What lines in the entries hold the string "gradientTransform"? List them.

## EXERCISE INPUT:
━━━

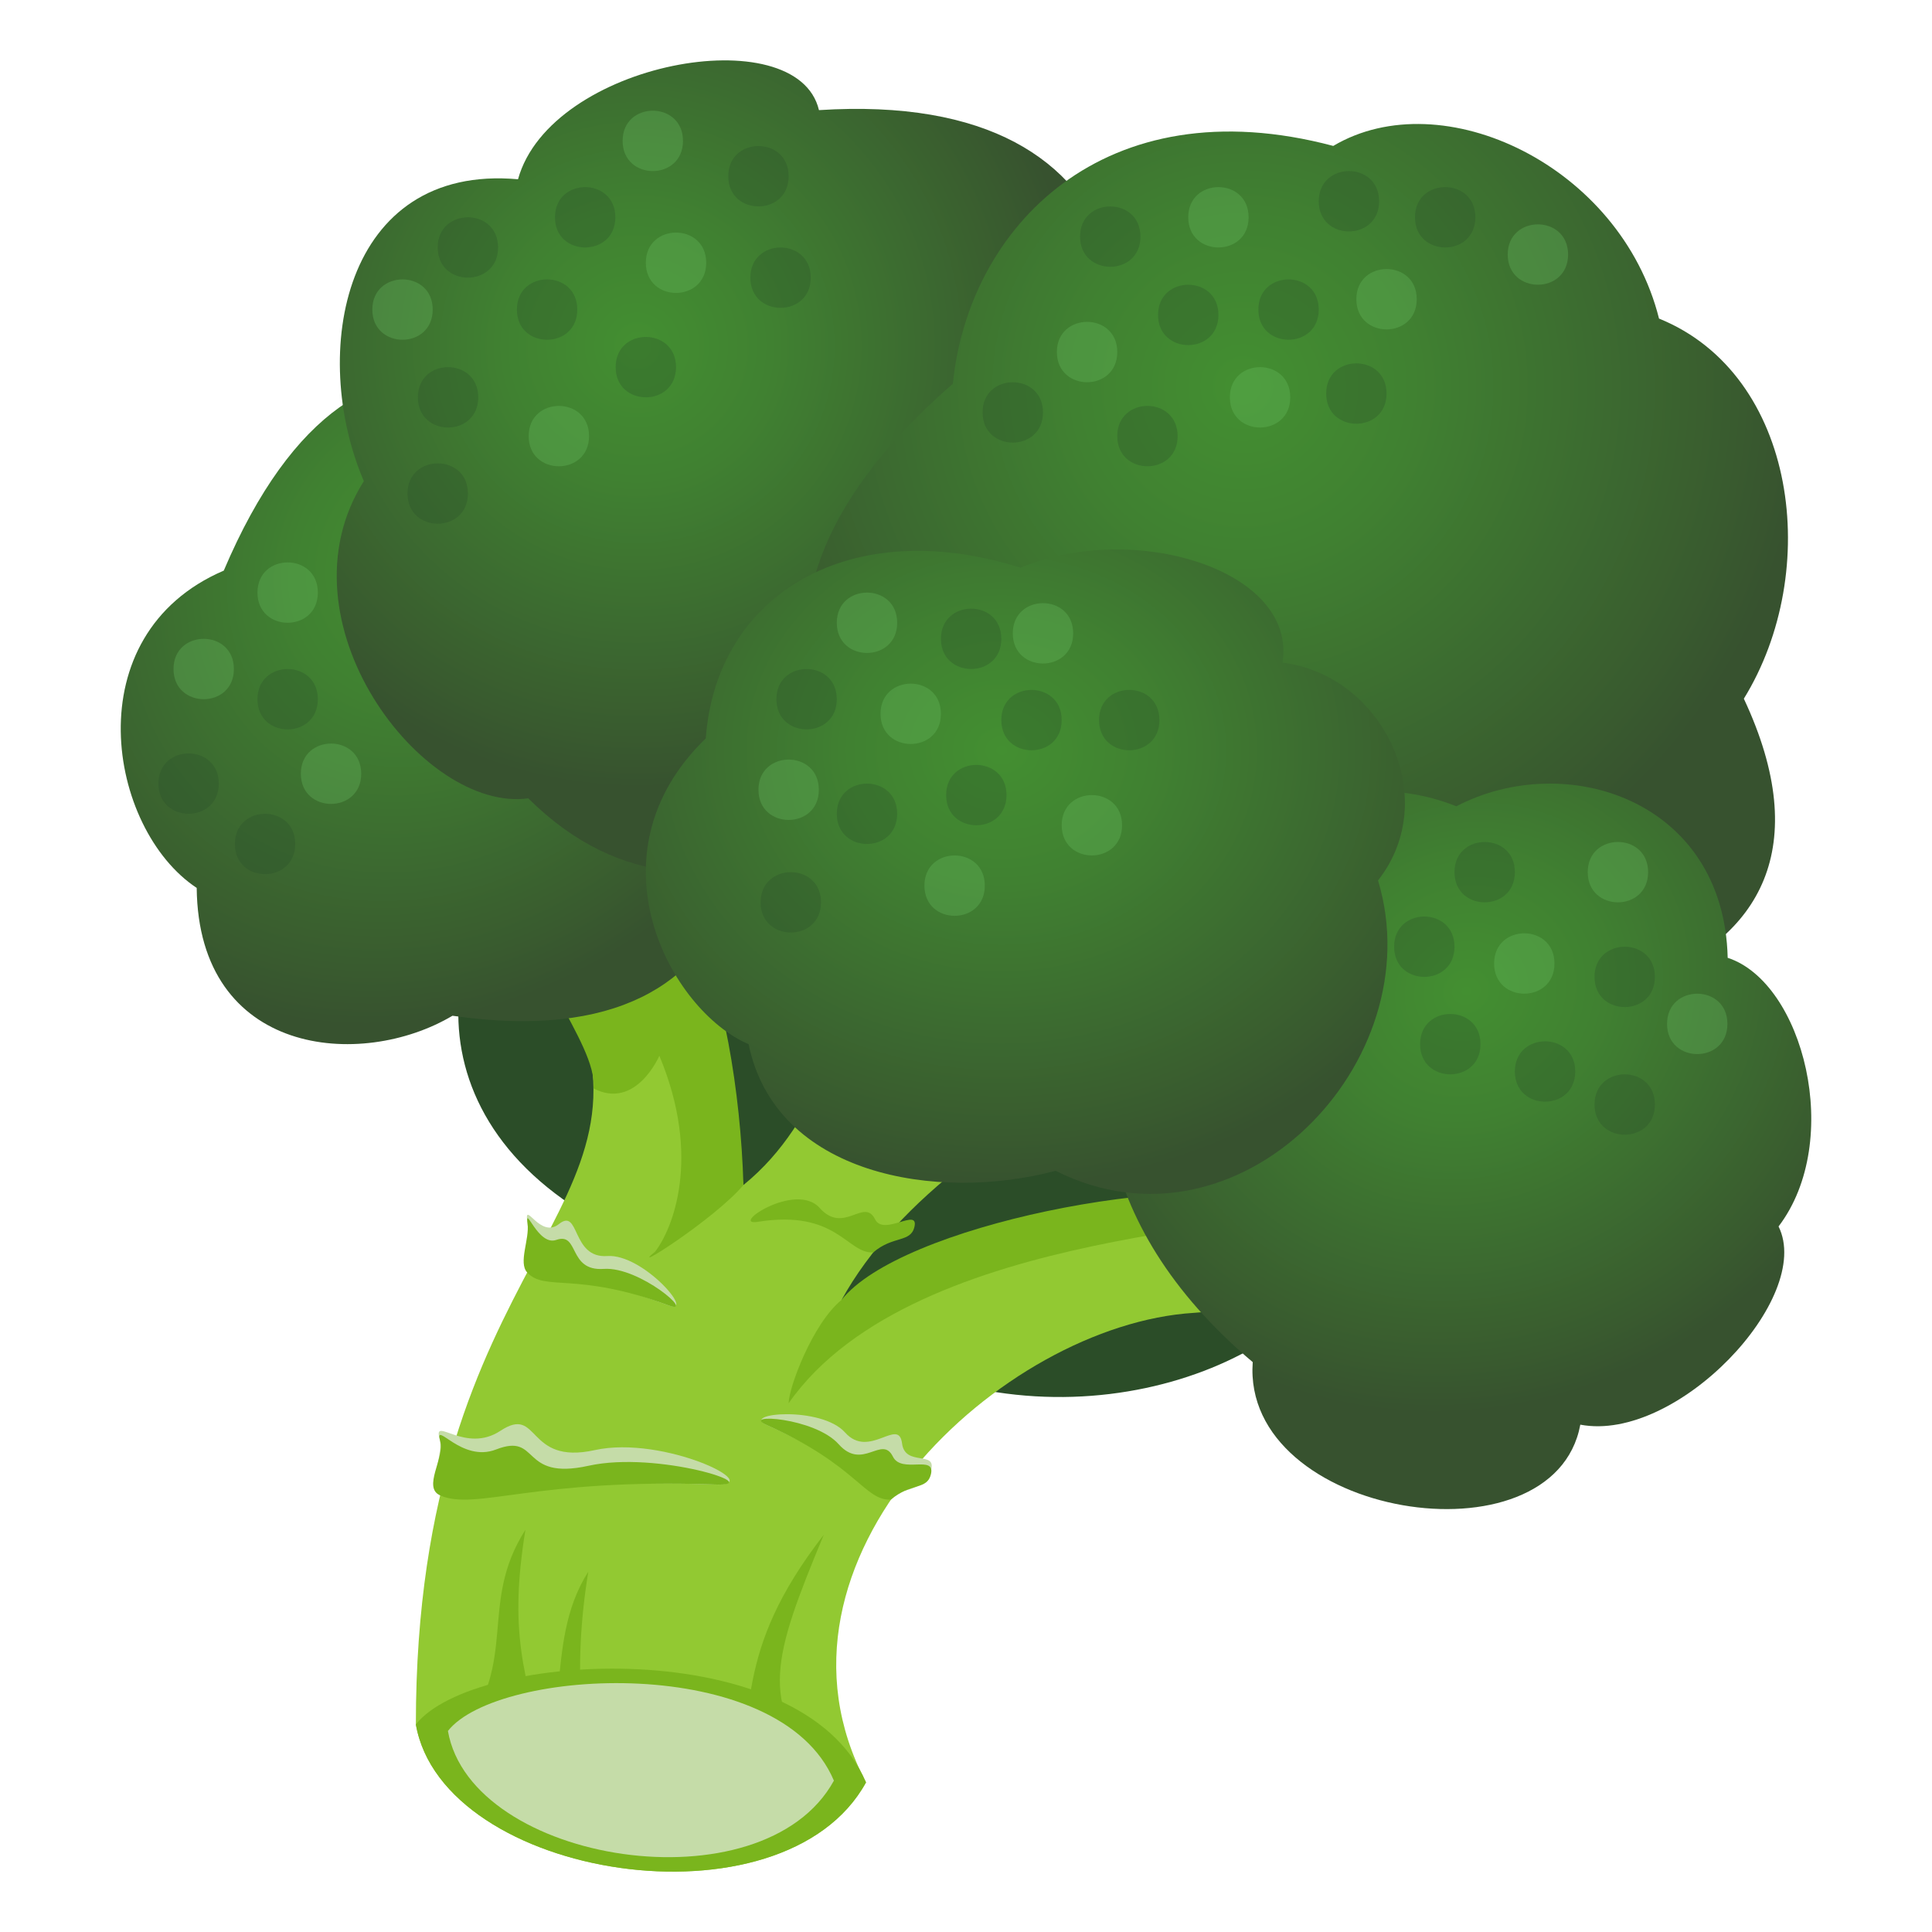 <?xml version="1.0" encoding="utf-8"?>
<!-- Generator: Adobe Illustrator 15.0.0, SVG Export Plug-In . SVG Version: 6.00 Build 0)  -->
<!DOCTYPE svg PUBLIC "-//W3C//DTD SVG 1.1//EN" "http://www.w3.org/Graphics/SVG/1.1/DTD/svg11.dtd">
<svg version="1.1" id="Layer_1" xmlns:x="http://ns.adobe.com/Extensibility/1.0/" xmlns:i="http://ns.adobe.com/AdobeIllustrator/10.0/" xmlns:graph="http://ns.adobe.com/Graphs/1.0/"
	 xmlns="http://www.w3.org/2000/svg" xmlns:xlink="http://www.w3.org/1999/xlink" xmlns:a="http://ns.adobe.com/AdobeSVGViewerExtensions/3.0/"
	 x="0px" y="0px" width="64px" height="64px" viewBox="0 0 64 64" enable-background="new 0 0 64 64" xml:space="preserve">
<path fill="#2B4D28" d="M32.004,30.975c27.127,5.455,5.837,22.998-6.494,11.441C4.213,38.292,20.663,15.446,32.004,30.975z"/>
<path fill="#92C932" d="M18.773,32.633c3.615,7.589-4.997,8.792-4.997,24.491c0.895,5.125,12.172,6.906,14.912,1.92
	c-3.882-7.364,4.507-15.161,10.858-15.554c7.285-0.497,3.819-2.829,3.43-3.697c-4.745-0.355-10.636,0.391-15.099,3.271
	c1.82-3.31,5.748-6.119,10.456-8.292c-11.955-9.006-8.35,0.142-13.706,4.483C22.984,28.329,22.699,29.572,18.773,32.633z"/>
<path fill="#7AB51D" d="M27.875,43.064c-0.963,0.785-1.75,2.918-1.75,3.419c4.214-6.018,17.026-5.625,16.848-6.693
	C39.082,38.758,29.804,40.609,27.875,43.064z"/>
<path fill="#7AB51D" d="M13.776,57.124c0.892,5.125,12.171,6.906,14.912,1.92C26.59,54.068,15.703,54.671,13.776,57.124z"/>
<path fill="#7AB51D" d="M15.274,57.445c-0.964,0.784,2.918,0.46,2.918,0.961c-0.882-2.956-1.323-4.414-0.787-7.729
	C15.833,53.14,17.201,54.991,15.274,57.445z"/>
<path fill="#7AB51D" d="M17.201,59.972c-0.963,0.785,2.918,0.463,2.918,0.962c-0.883-2.956-1.168-5.552-0.631-8.869
	C17.918,54.525,19.128,57.519,17.201,59.972z"/>
<path fill="#7AB51D" d="M27.14,58.747c0.962,0.786-2.918,0.464-2.918,0.962c0.881-2.957,0-4.913,3.068-8.869
	C25.554,55.008,25.21,56.294,27.14,58.747z"/>
<path fill="#7AB51D" d="M21.7,41.464c-0.964,0.783,1.964-1.068,2.927-2.208c-0.178-6.196-2.383-14.105-5.676-7.298
	c-2.119-0.563,0.885,2.59,0.707,4.095c1.408,0.736,2.184-1.08,2.184-1.08C23.26,38.364,22.266,40.74,21.7,41.464z"/>
<path fill="#C5DCA8" d="M14.838,57.34c0.765,4.395,10.438,5.922,12.786,1.646C25.827,54.721,16.492,55.236,14.838,57.34z"/>
<radialGradient id="SVGID_1_" cx="340.006" cy="-2.318" r="14.441" gradientTransform="matrix(0.672 -0.9 0.782 0.582 -212.52 325.864)" gradientUnits="userSpaceOnUse">
	<stop  offset="0" style="stop-color:#438F31"/>
	<stop  offset="0.302" style="stop-color:#408131"/>
	<stop  offset="0.876" style="stop-color:#395B2F"/>
	<stop  offset="1" style="stop-color:#37522F"/>
	<a:midPointStop  offset="0" style="stop-color:#438F31"/>
	<a:midPointStop  offset="0.564" style="stop-color:#438F31"/>
	<a:midPointStop  offset="1" style="stop-color:#37522F"/>
</radialGradient>
<path fill="url(#SVGID_1_)" d="M14.989,33.648c-3.038,1.804-8.415,1.33-8.473-4.235c-2.942-1.943-4.065-8.381,0.897-10.511
	C16.533-2.588,36.619,36.787,14.989,33.648z"/>
<radialGradient id="SVGID_2_" cx="17.29" cy="2.616" r="15.044" gradientTransform="matrix(0.975 0 0 0.974 4.255 8.909)" gradientUnits="userSpaceOnUse">
	<stop  offset="0" style="stop-color:#438F31"/>
	<stop  offset="0.302" style="stop-color:#408131"/>
	<stop  offset="0.876" style="stop-color:#395B2F"/>
	<stop  offset="1" style="stop-color:#37522F"/>
	<a:midPointStop  offset="0" style="stop-color:#438F31"/>
	<a:midPointStop  offset="0.564" style="stop-color:#438F31"/>
	<a:midPointStop  offset="1" style="stop-color:#37522F"/>
</radialGradient>
<path fill="url(#SVGID_2_)" d="M17.5,26.446c-3.503,0.486-8.377-5.881-5.447-10.508c-1.816-4.233-0.687-10.518,5.107-10
	c1.079-3.887,9.246-5.356,9.969-2.29C49.444,2.22,29.585,38.462,17.5,26.446z"/>
<radialGradient id="SVGID_3_" cx="37.864" cy="4" r="19.107" gradientTransform="matrix(0.975 0 0 0.974 4.255 8.909)" gradientUnits="userSpaceOnUse">
	<stop  offset="0" style="stop-color:#438F31"/>
	<stop  offset="0.302" style="stop-color:#408131"/>
	<stop  offset="0.876" style="stop-color:#395B2F"/>
	<stop  offset="1" style="stop-color:#37522F"/>
	<a:midPointStop  offset="0" style="stop-color:#438F31"/>
	<a:midPointStop  offset="0.564" style="stop-color:#438F31"/>
	<a:midPointStop  offset="1" style="stop-color:#37522F"/>
</radialGradient>
<path fill="url(#SVGID_3_)" d="M57.767,23.145c9.278,19.791-47.58,8.197-26.203-10.433c0.519-5.184,5.016-9.894,12.602-7.878
	c3.618-2.145,9.524,0.663,10.791,5.719C59.541,12.409,60.366,18.931,57.767,23.145z"/>
<radialGradient id="SVGID_4_" cx="-95.661" cy="372.415" r="12.185" gradientTransform="matrix(0.573 0.966 -1.053 0.623 495.544 -106.776)" gradientUnits="userSpaceOnUse">
	<stop  offset="0" style="stop-color:#438F31"/>
	<stop  offset="0.302" style="stop-color:#408131"/>
	<stop  offset="0.876" style="stop-color:#395B2F"/>
	<stop  offset="1" style="stop-color:#37522F"/>
	<a:midPointStop  offset="0" style="stop-color:#438F31"/>
	<a:midPointStop  offset="0.564" style="stop-color:#438F31"/>
	<a:midPointStop  offset="1" style="stop-color:#37522F"/>
</radialGradient>
<path fill="url(#SVGID_4_)" d="M52.35,47.194c-0.878,4.737-11.223,3.063-10.852-2.072c-10.959-9.25-1.125-21.557,6.745-18.413
	c3.632-1.892,8.864-0.208,8.989,5.02c2.499,0.813,3.852,6.049,1.685,8.899C60.09,42.989,55.549,47.801,52.35,47.194z"/>
<radialGradient id="SVGID_5_" cx="51.917" cy="16.37" r="14.851" gradientTransform="matrix(1.124 0 0 0.974 -25.171 8.909)" gradientUnits="userSpaceOnUse">
	<stop  offset="0" style="stop-color:#438F31"/>
	<stop  offset="0.302" style="stop-color:#408131"/>
	<stop  offset="0.876" style="stop-color:#395B2F"/>
	<stop  offset="1" style="stop-color:#37522F"/>
	<a:midPointStop  offset="0" style="stop-color:#438F31"/>
	<a:midPointStop  offset="0.564" style="stop-color:#438F31"/>
	<a:midPointStop  offset="1" style="stop-color:#37522F"/>
</radialGradient>
<path fill="url(#SVGID_5_)" d="M45.649,29.165c1.814,5.999-4.605,12.673-10.678,9.62c-3.949,1.046-9.281,0.14-10.172-4.194
	c-2.596-1.112-5.397-6.284-1.419-10.131c0.346-4.783,4.789-7.439,10.427-5.654c3.799-1.577,9.166,0.094,8.676,3.144
	C45.811,22.366,47.788,26.446,45.649,29.165z"/>
<path opacity="0.3" fill="#6CC265" d="M22.625,4.667c0,1.333-2,1.333-2,0S22.625,3.333,22.625,4.667z"/>
<path opacity="0.3" fill="#6CC265" d="M23.394,8.704c0,1.333-2,1.333-2,0S23.394,7.371,23.394,8.704z"/>
<path opacity="0.3" fill="#2B4D28" d="M22.394,12.162c0,1.333-2,1.333-2,0S22.394,10.829,22.394,12.162z"/>
<path opacity="0.3" fill="#6CC265" d="M19.513,14.446c0,1.333-2,1.333-2,0S19.513,13.113,19.513,14.446z"/>
<path opacity="0.3" fill="#6CC265" d="M14.334,10.255c0,1.333-2,1.333-2,0S14.334,8.922,14.334,10.255z"/>
<path opacity="0.3" fill="#2B4D28" d="M26.125,5.838c0,1.333-2,1.333-2,0S26.125,4.505,26.125,5.838z"/>
<path opacity="0.3" fill="#2B4D28" d="M16.5,8.198c0,1.333-2,1.333-2,0S16.5,6.865,16.5,8.198z"/>
<path opacity="0.3" fill="#2B4D28" d="M15.843,13.162c0,1.333-2,1.333-2,0S15.843,11.829,15.843,13.162z"/>
<path opacity="0.3" fill="#2B4D28" d="M26.857,9.198c0,1.333-2,1.333-2,0S26.857,7.865,26.857,9.198z"/>
<path opacity="0.3" fill="#2B4D28" d="M15.5,16.349c0,1.333-2,1.333-2,0S15.5,15.016,15.5,16.349z"/>
<path opacity="0.3" fill="#2B4D28" d="M20.384,7.198c0,1.333-2,1.333-2,0S20.384,5.865,20.384,7.198z"/>
<path opacity="0.3" fill="#2B4D28" d="M19.123,10.255c0,1.333-2,1.333-2,0S19.123,8.922,19.123,10.255z"/>
<path opacity="0.3" fill="#6CC265" d="M46.931,9.912c0,1.333-2,1.333-2,0S46.931,8.579,46.931,9.912z"/>
<path opacity="0.3" fill="#6CC265" d="M42.741,13.162c0,1.333-2,1.333-2,0S42.741,11.829,42.741,13.162z"/>
<path opacity="0.3" fill="#6CC265" d="M41.362,7.198c0,1.333-2,1.333-2,0S41.362,5.865,41.362,7.198z"/>
<path opacity="0.3" fill="#6CC265" d="M37.011,11.662c0,1.333-2,1.333-2,0S37.011,10.329,37.011,11.662z"/>
<path opacity="0.3" fill="#2B4D28" d="M43.685,10.255c0,1.333-2,1.333-2,0S43.685,8.922,43.685,10.255z"/>
<path opacity="0.3" fill="#2B4D28" d="M39.011,14.446c0,1.333-2,1.333-2,0S39.011,13.113,39.011,14.446z"/>
<path opacity="0.3" fill="#2B4D28" d="M45.685,6.667c0,1.333-2,1.333-2,0S45.685,5.333,45.685,6.667z"/>
<path opacity="0.3" fill="#6CC265" d="M51.945,8.432c0,1.333-2,1.333-2,0S51.945,7.099,51.945,8.432z"/>
<path opacity="0.3" fill="#2B4D28" d="M40.362,10.432c0,1.333-2,1.333-2,0S40.362,9.099,40.362,10.432z"/>
<path opacity="0.3" fill="#2B4D28" d="M37.779,7.838c0,1.333-2,1.333-2,0S37.779,6.505,37.779,7.838z"/>
<path opacity="0.3" fill="#2B4D28" d="M34.55,13.662c0,1.333-2,1.333-2,0S34.55,12.329,34.55,13.662z"/>
<path opacity="0.3" fill="#2B4D28" d="M45.931,13.037c0,1.333-2,1.333-2,0S45.931,11.704,45.931,13.037z"/>
<path opacity="0.3" fill="#2B4D28" d="M48.873,7.198c0,1.333-2,1.333-2,0S48.873,5.865,48.873,7.198z"/>
<path opacity="0.3" fill="#6CC265" d="M32.623,29.338c0,1.333-2,1.333-2,0S32.623,28.005,32.623,29.338z"/>
<path opacity="0.3" fill="#2B4D28" d="M27.72,23.162c0,1.333-2,1.333-2,0S27.72,21.829,27.72,23.162z"/>
<path opacity="0.3" fill="#6CC265" d="M7.748,22.162c0,1.333-2,1.333-2,0S7.748,20.829,7.748,22.162z"/>
<path opacity="0.3" fill="#6CC265" d="M10.529,19.63c0,1.333-2,1.333-2,0S10.529,18.297,10.529,19.63z"/>
<path opacity="0.3" fill="#2B4D28" d="M10.529,23.162c0,1.333-2,1.333-2,0S10.529,21.829,10.529,23.162z"/>
<path opacity="0.3" fill="#2B4D28" d="M9.78,27.958c0,1.333-2,1.333-2,0S9.78,26.625,9.78,27.958z"/>
<path opacity="0.3" fill="#6CC265" d="M11.966,25.631c0,1.333-2,1.333-2,0S11.966,24.298,11.966,25.631z"/>
<path opacity="0.3" fill="#2B4D28" d="M7.248,25.958c0,1.333-2,1.333-2,0S7.248,24.625,7.248,25.958z"/>
<path opacity="0.3" fill="#6CC265" d="M35.55,20.98c0,1.333-2,1.333-2,0S35.55,19.647,35.55,20.98z"/>
<path opacity="0.3" fill="#6CC265" d="M51.494,31.917c0,1.333-2,1.333-2,0C49.494,30.584,51.494,30.584,51.494,31.917z"/>
<path opacity="0.3" fill="#2B4D28" d="M50.182,28.891c0,1.333-2,1.333-2,0S50.182,27.558,50.182,28.891z"/>
<path opacity="0.3" fill="#6CC265" d="M54.596,28.891c0,1.333-2,1.333-2,0S54.596,27.558,54.596,28.891z"/>
<path opacity="0.3" fill="#2B4D28" d="M49.043,34.589c0,1.333-2,1.333-2,0S49.043,33.256,49.043,34.589z"/>
<path opacity="0.3" fill="#2B4D28" d="M48.182,31.361c0,1.333-2,1.333-2,0S48.182,30.028,48.182,31.361z"/>
<path opacity="0.3" fill="#2B4D28" d="M54.821,32.361c0,1.333-2,1.333-2,0C52.821,31.028,54.821,31.028,54.821,32.361z"/>
<path opacity="0.3" fill="#2B4D28" d="M52.182,35.495c0,1.333-2,1.333-2,0S52.182,34.162,52.182,35.495z"/>
<path opacity="0.3" fill="#2B4D28" d="M54.821,36.589c0,1.333-2,1.333-2,0S54.821,35.256,54.821,36.589z"/>
<path opacity="0.3" fill="#6CC265" d="M57.223,33.918c0,1.333-2,1.333-2,0C55.223,32.584,57.223,32.584,57.223,33.918z"/>
<path opacity="0.3" fill="#6CC265" d="M29.72,20.63c0,1.333-2,1.333-2,0S29.72,19.297,29.72,20.63z"/>
<path opacity="0.3" fill="#2B4D28" d="M33.342,26.338c0,1.333-2,1.333-2,0S33.342,25.005,33.342,26.338z"/>
<path opacity="0.3" fill="#2B4D28" d="M38.407,23.854c0,1.333-2,1.333-2,0S38.407,22.521,38.407,23.854z"/>
<path opacity="0.3" fill="#6CC265" d="M37.17,27.338c0,1.333-2,1.333-2,0S37.17,26.005,37.17,27.338z"/>
<path opacity="0.3" fill="#2B4D28" d="M35.17,23.854c0,1.333-2,1.333-2,0S35.17,22.521,35.17,23.854z"/>
<path opacity="0.3" fill="#6CC265" d="M31.169,23.646c0,1.333-2,1.333-2,0S31.169,22.313,31.169,23.646z"/>
<path opacity="0.3" fill="#2B4D28" d="M27.197,29.891c0,1.333-2,1.333-2,0S27.197,28.558,27.197,29.891z"/>
<path opacity="0.3" fill="#2B4D28" d="M33.17,21.162c0,1.333-2,1.333-2,0S33.17,19.829,33.17,21.162z"/>
<path opacity="0.3" fill="#2B4D28" d="M29.72,26.958c0,1.333-2,1.333-2,0S29.72,25.625,29.72,26.958z"/>
<path opacity="0.3" fill="#6CC265" d="M27.125,26.162c0,1.333-2,1.333-2,0S27.125,24.829,27.125,26.162z"/>
<path fill="#C5DCA8" d="M14.769,49.178c-0.593-0.26-0.056-0.99-0.212-1.544c-0.203-0.719,0.863,0.527,2.019-0.236
	c1.315-0.868,0.833,1.145,3.125,0.639c2.281-0.504,5.757,1.206,3.984,1.141C17.716,48.958,15.946,49.694,14.769,49.178z"/>
<path fill="#7AB51D" d="M14.581,49.537c-0.593-0.26,0.156-1.244,0-1.798c-0.203-0.719,0.698,0.727,1.852,0.277
	c1.469-0.571,0.773,1.045,3.065,0.539c2.281-0.504,5.96,0.687,4.188,0.621C17.716,48.958,15.758,50.054,14.581,49.537z"/>
<path fill="#C5DCA8" d="M29.681,49.416c0.441-0.021,1.008-0.214,1.158-0.708c0.205-0.672-0.859-0.111-0.957-0.892
	c-0.11-0.887-1.088,0.534-1.886-0.361c-0.793-0.891-3.489-0.646-2.599-0.25C28.398,48.543,28.806,49.458,29.681,49.416z"/>
<path fill="#7AB51D" d="M29.513,49.677c0.656-0.563,1.203-0.312,1.326-0.844c0.152-0.654-0.976-0.004-1.26-0.58
	c-0.363-0.733-1,0.484-1.797-0.411c-0.793-0.892-3.275-1.033-2.385-0.637C28.398,48.543,28.638,49.72,29.513,49.677z"/>
<path fill="#7AB51D" d="M28.927,41.488c0.656-0.563,1.241-0.315,1.365-0.848c0.151-0.654-1.021,0.326-1.305-0.25
	c-0.363-0.733-1.037,0.521-1.834-0.375c-0.793-0.892-3.012,0.612-2.049,0.459C27.731,40.058,28.051,41.531,28.927,41.488z"/>
<path fill="#C5DCA8" d="M17.794,41.824c-0.3-0.323-0.26-0.872-0.329-1.384c-0.09-0.667,0.435,0.601,1.049,0.109
	c0.698-0.558,0.406,1.143,1.602,1.059c1.189-0.084,2.949,1.975,2.035,1.636C19.07,42.107,18.392,42.466,17.794,41.824z"/>
<path fill="#7AB51D" d="M17.464,42.152c-0.301-0.322,0.081-1.103,0.012-1.615c-0.089-0.666,0.345,0.751,0.951,0.537
	c0.772-0.271,0.378,1.045,1.573,0.96c1.19-0.084,3.066,1.549,2.152,1.21C19.07,42.107,18.061,42.794,17.464,42.152z"/>
</svg>

━━━

## SOLUTION FOR THIS TASK:
<radialGradient id="SVGID_1_" cx="340.006" cy="-2.318" r="14.441" gradientTransform="matrix(0.672 -0.9 0.782 0.582 -212.52 325.864)" gradientUnits="userSpaceOnUse">
<radialGradient id="SVGID_2_" cx="17.29" cy="2.616" r="15.044" gradientTransform="matrix(0.975 0 0 0.974 4.255 8.909)" gradientUnits="userSpaceOnUse">
<radialGradient id="SVGID_3_" cx="37.864" cy="4" r="19.107" gradientTransform="matrix(0.975 0 0 0.974 4.255 8.909)" gradientUnits="userSpaceOnUse">
<radialGradient id="SVGID_4_" cx="-95.661" cy="372.415" r="12.185" gradientTransform="matrix(0.573 0.966 -1.053 0.623 495.544 -106.776)" gradientUnits="userSpaceOnUse">
<radialGradient id="SVGID_5_" cx="51.917" cy="16.37" r="14.851" gradientTransform="matrix(1.124 0 0 0.974 -25.171 8.909)" gradientUnits="userSpaceOnUse">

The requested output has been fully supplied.